Your objective >> Restate the listing below word for word. No picture belongs in the result.

Listed entries >>

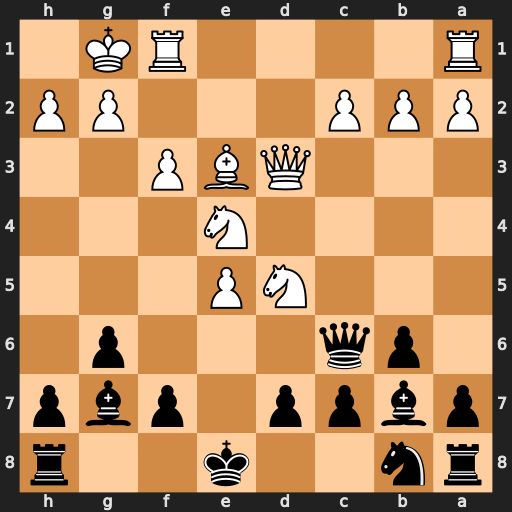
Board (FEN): rn2k2r/pbpp1pbp/1pq3p1/3NP3/4N3/3QBP2/PPP3PP/R4RK1
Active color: b
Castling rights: kq
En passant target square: -
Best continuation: Qxd5 Nf6+ Bxf6 Qxd5 Bxd5

Response for this exercise >>
Board (FEN): rn2k2r/pbpp1pbp/1pq3p1/3NP3/4N3/3QBP2/PPP3PP/R4RK1
Active color: b
Castling rights: kq
En passant target square: -
Best continuation: Qxd5 Nf6+ Bxf6 Qxd5 Bxd5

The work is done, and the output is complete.